• _TASK TO CARRY OUT_
The answer must restate the listing word for word, without its images.

• _DATA TO PROCESS_
-------

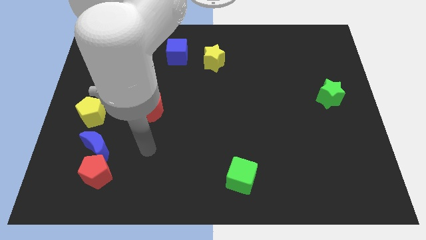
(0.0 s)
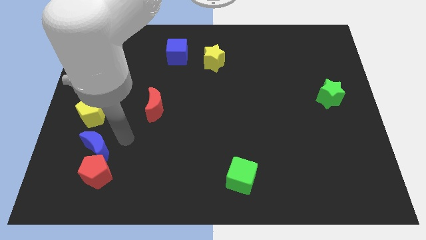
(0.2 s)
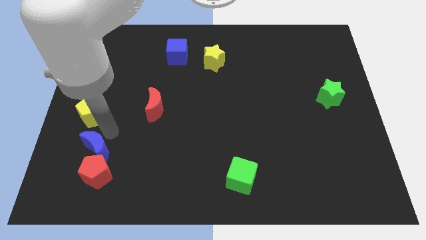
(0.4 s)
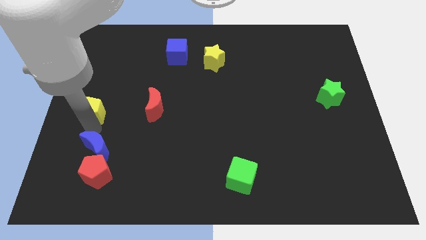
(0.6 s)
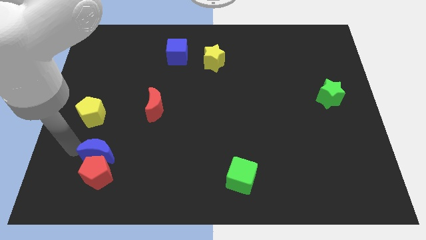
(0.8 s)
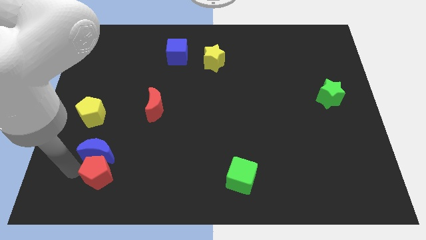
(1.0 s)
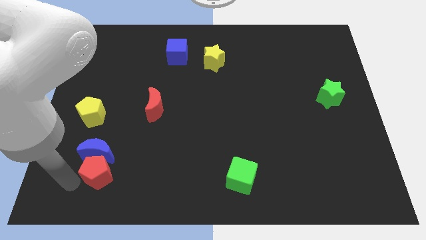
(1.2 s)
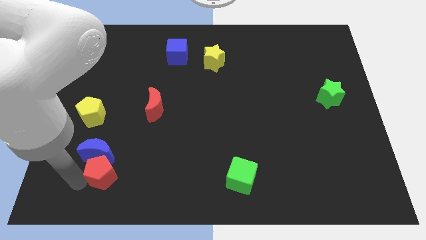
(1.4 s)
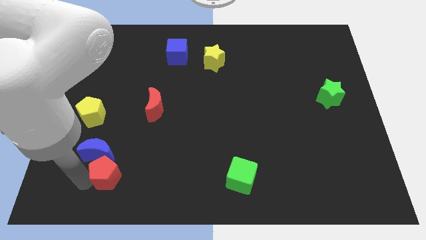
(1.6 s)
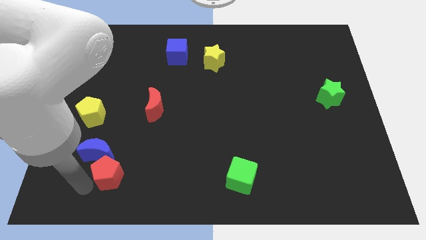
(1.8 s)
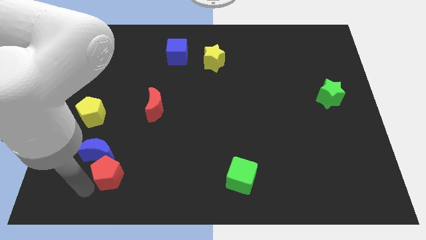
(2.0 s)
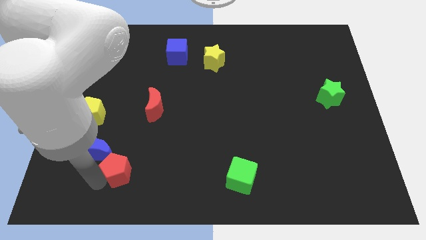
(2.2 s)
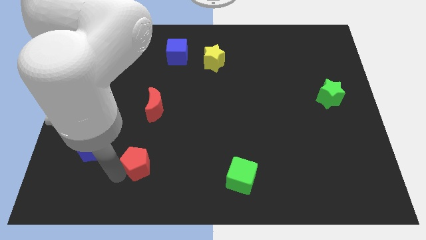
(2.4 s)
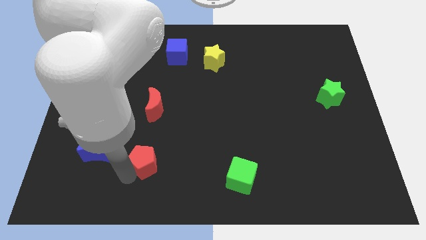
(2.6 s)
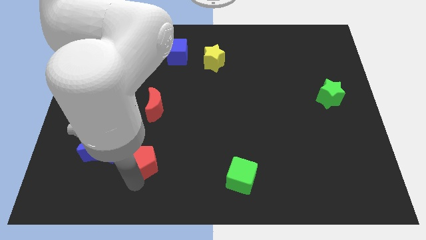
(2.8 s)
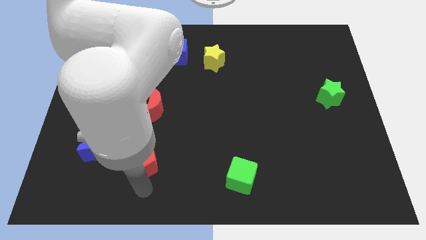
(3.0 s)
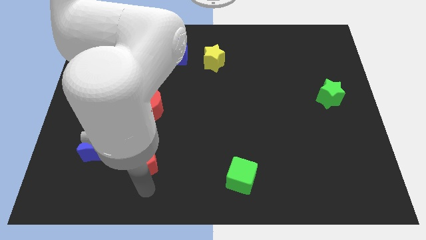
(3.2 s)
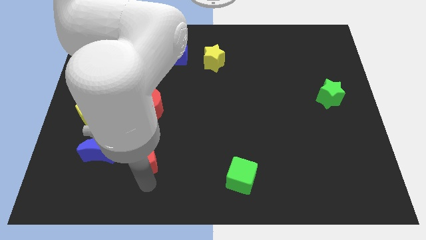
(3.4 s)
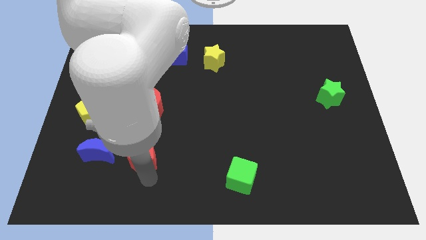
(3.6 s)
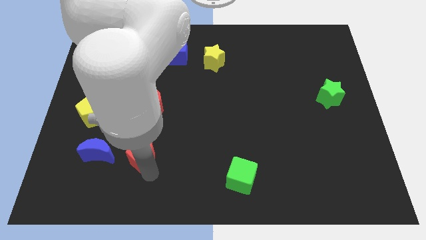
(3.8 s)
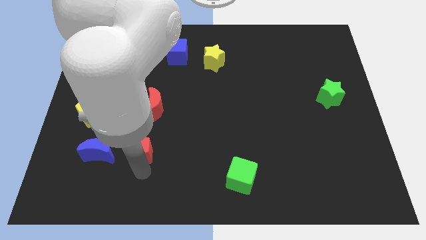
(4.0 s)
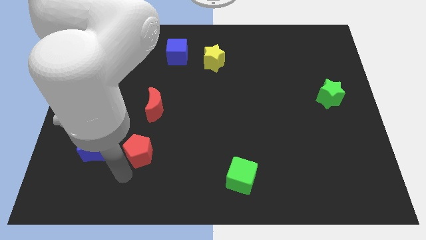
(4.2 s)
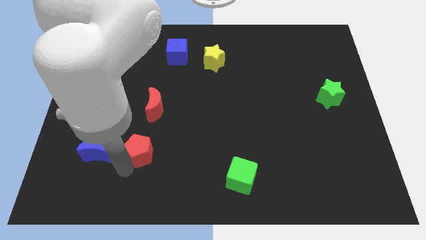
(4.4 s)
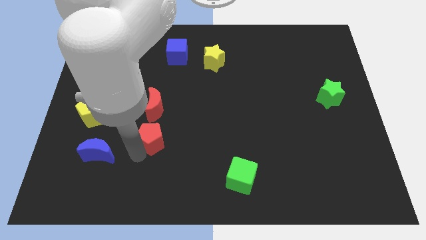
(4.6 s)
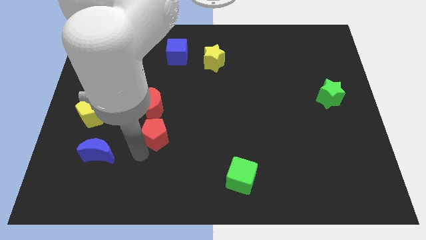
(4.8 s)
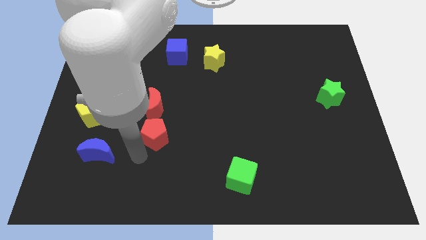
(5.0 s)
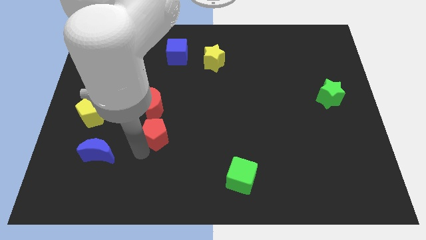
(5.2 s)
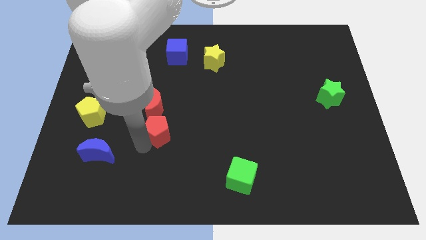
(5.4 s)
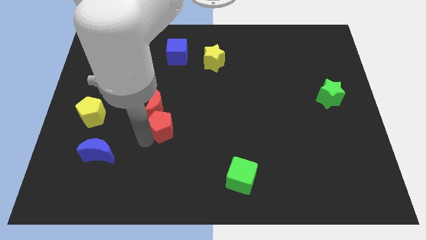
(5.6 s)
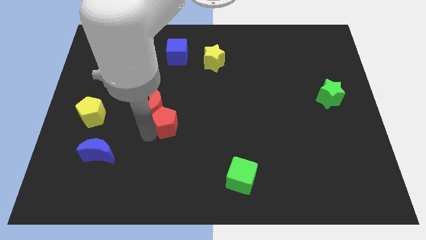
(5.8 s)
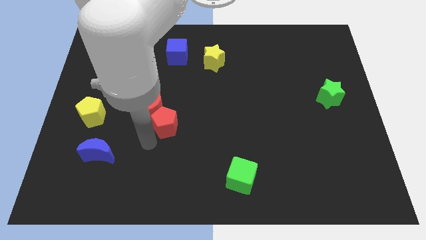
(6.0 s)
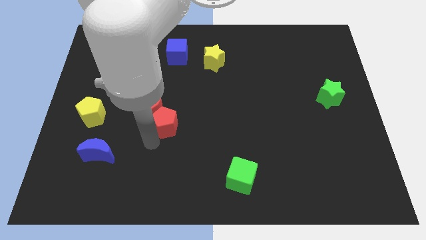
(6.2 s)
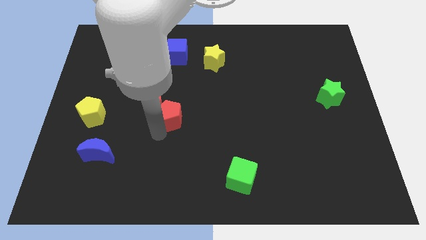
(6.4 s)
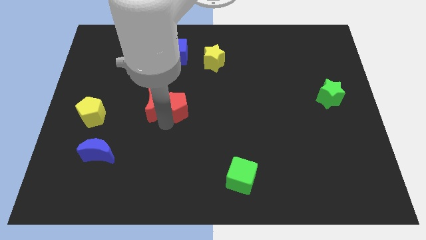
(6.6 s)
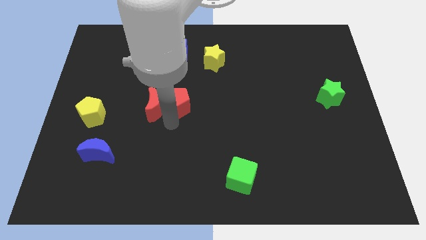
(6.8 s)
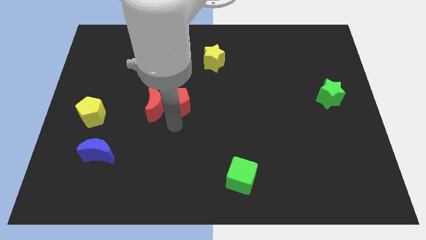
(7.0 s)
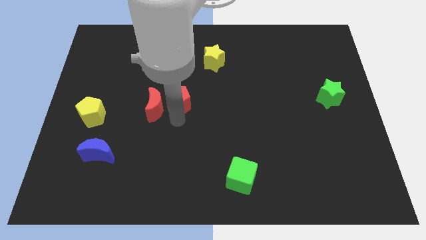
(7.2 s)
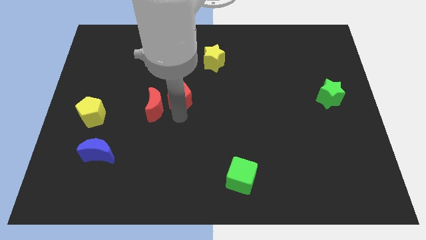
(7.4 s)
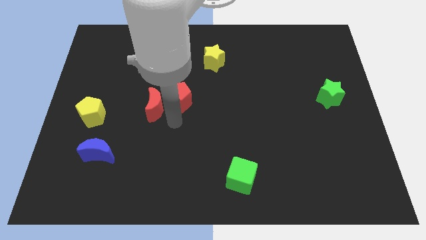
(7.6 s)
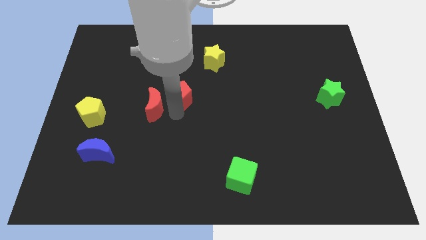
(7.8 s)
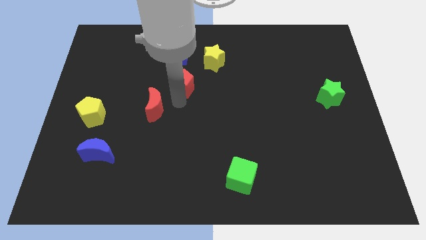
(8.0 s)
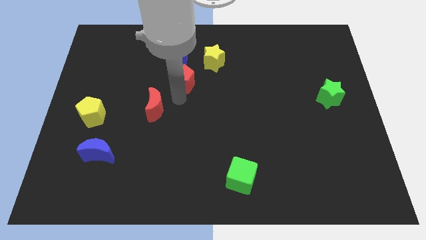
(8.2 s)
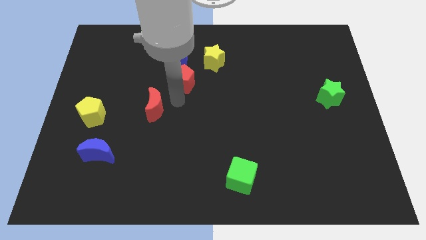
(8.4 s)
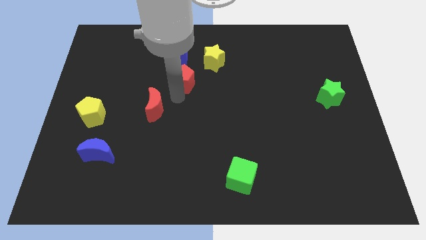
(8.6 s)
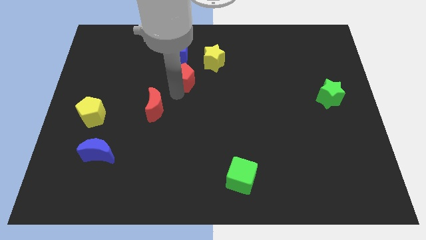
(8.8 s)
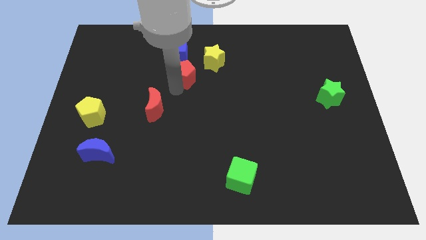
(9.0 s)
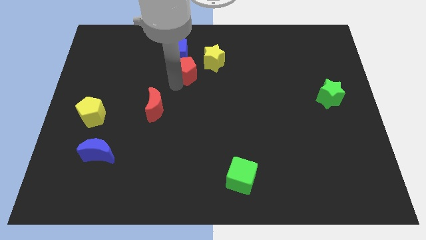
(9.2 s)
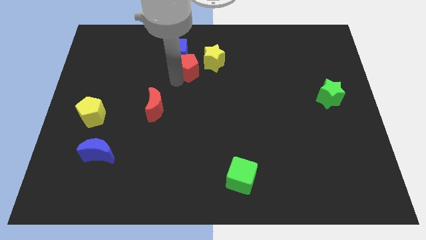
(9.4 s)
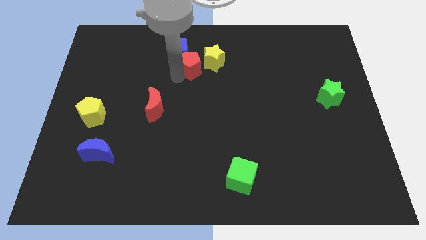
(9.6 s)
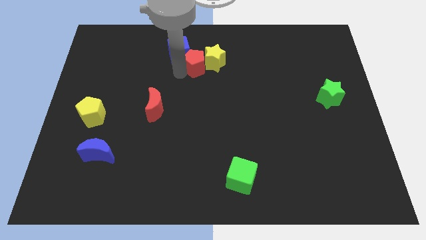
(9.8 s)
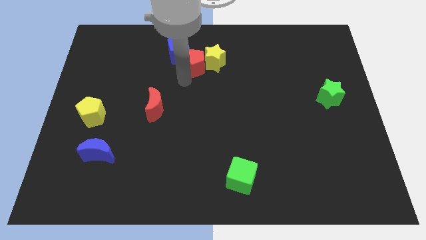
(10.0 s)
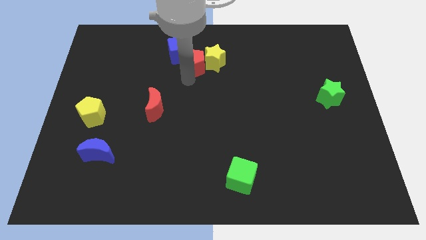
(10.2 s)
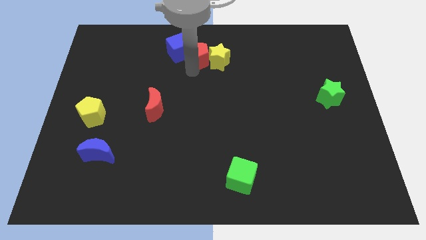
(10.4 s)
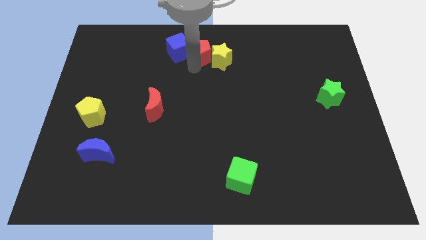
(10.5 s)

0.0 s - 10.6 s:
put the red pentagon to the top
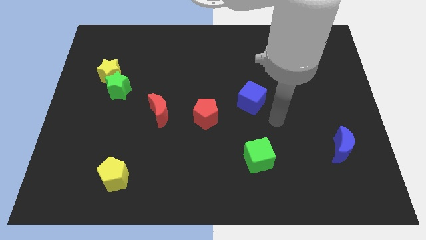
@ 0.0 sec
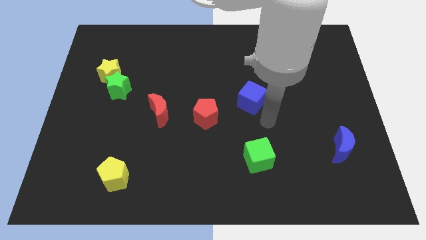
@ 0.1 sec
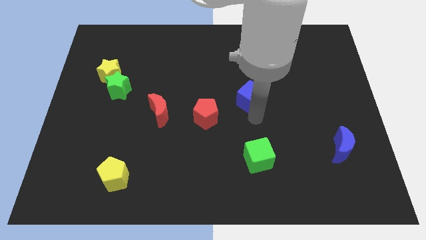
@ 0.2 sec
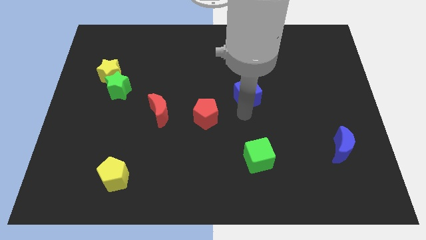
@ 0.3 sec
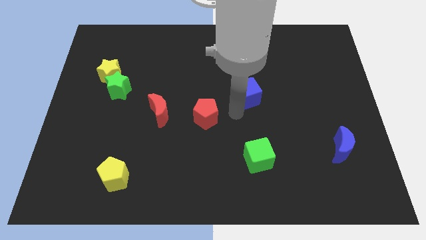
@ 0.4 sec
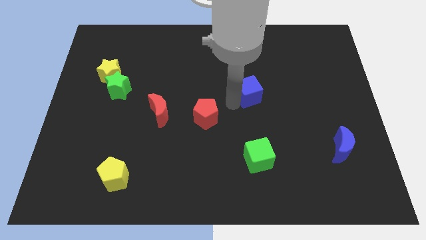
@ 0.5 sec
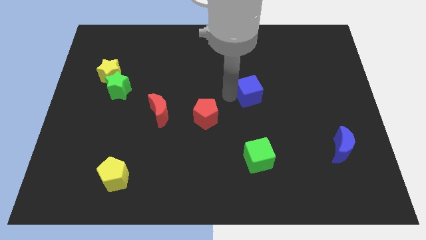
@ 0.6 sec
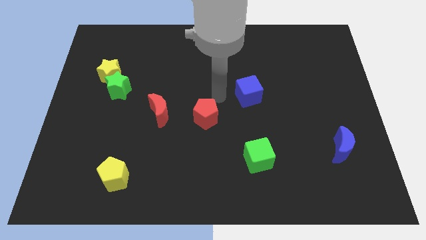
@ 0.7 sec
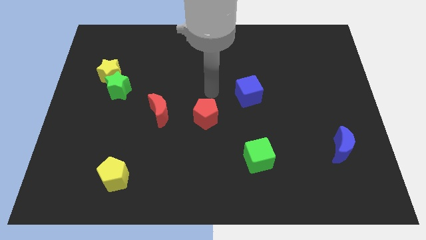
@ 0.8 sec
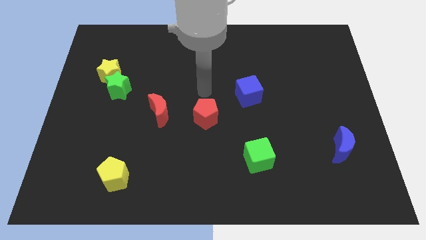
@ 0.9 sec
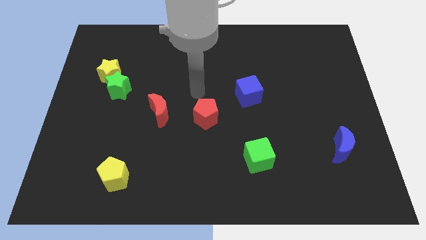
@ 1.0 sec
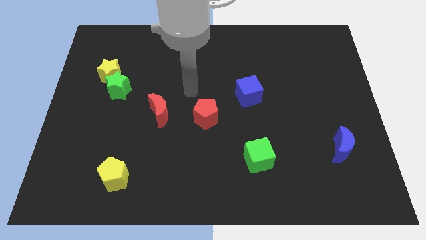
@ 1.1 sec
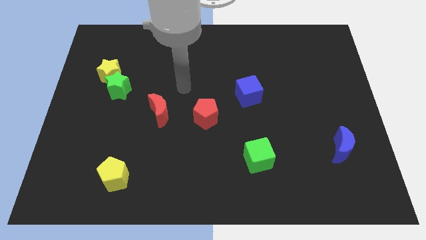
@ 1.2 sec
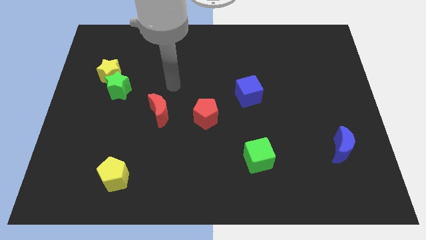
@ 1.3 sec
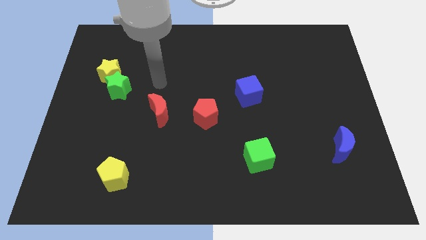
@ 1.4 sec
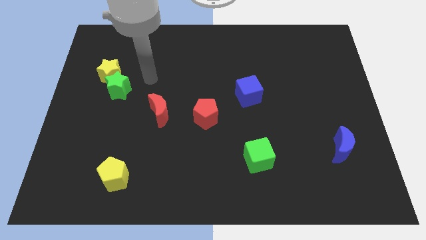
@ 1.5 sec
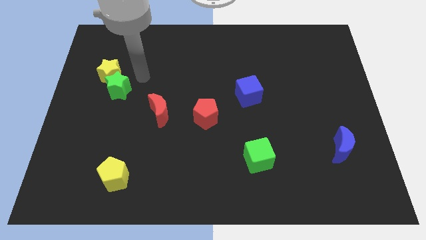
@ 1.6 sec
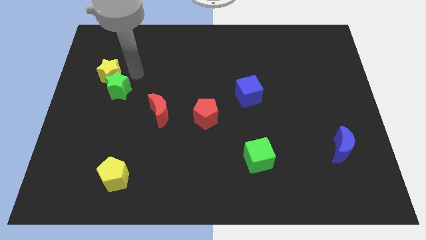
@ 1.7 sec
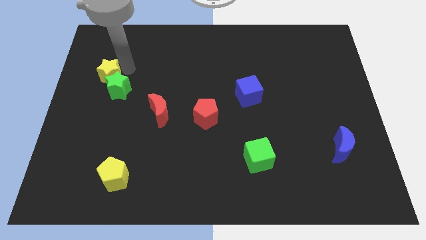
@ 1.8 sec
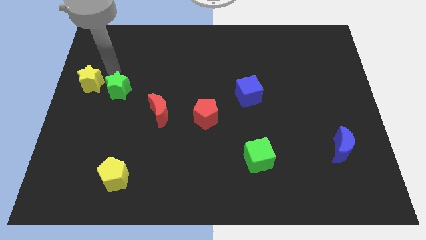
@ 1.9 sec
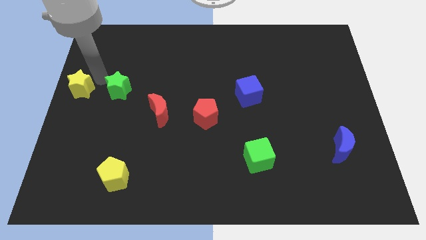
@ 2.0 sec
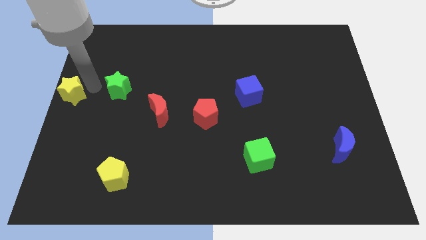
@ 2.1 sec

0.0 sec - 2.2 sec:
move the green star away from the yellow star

-------

• _TASK SOLUTION_
(0.0 s)
(0.2 s)
(0.4 s)
(0.6 s)
(0.8 s)
(1.0 s)
(1.2 s)
(1.4 s)
(1.6 s)
(1.8 s)
(2.0 s)
(2.2 s)
(2.4 s)
(2.6 s)
(2.8 s)
(3.0 s)
(3.2 s)
(3.4 s)
(3.6 s)
(3.8 s)
(4.0 s)
(4.2 s)
(4.4 s)
(4.6 s)
(4.8 s)
(5.0 s)
(5.2 s)
(5.4 s)
(5.6 s)
(5.8 s)
(6.0 s)
(6.2 s)
(6.4 s)
(6.6 s)
(6.8 s)
(7.0 s)
(7.2 s)
(7.4 s)
(7.6 s)
(7.8 s)
(8.0 s)
(8.2 s)
(8.4 s)
(8.6 s)
(8.8 s)
(9.0 s)
(9.2 s)
(9.4 s)
(9.6 s)
(9.8 s)
(10.0 s)
(10.2 s)
(10.4 s)
(10.5 s)

0.0 s - 10.6 s:
put the red pentagon to the top
@ 0.0 sec
@ 0.1 sec
@ 0.2 sec
@ 0.3 sec
@ 0.4 sec
@ 0.5 sec
@ 0.6 sec
@ 0.7 sec
@ 0.8 sec
@ 0.9 sec
@ 1.0 sec
@ 1.1 sec
@ 1.2 sec
@ 1.3 sec
@ 1.4 sec
@ 1.5 sec
@ 1.6 sec
@ 1.7 sec
@ 1.8 sec
@ 1.9 sec
@ 2.0 sec
@ 2.1 sec

0.0 sec - 2.2 sec:
move the green star away from the yellow star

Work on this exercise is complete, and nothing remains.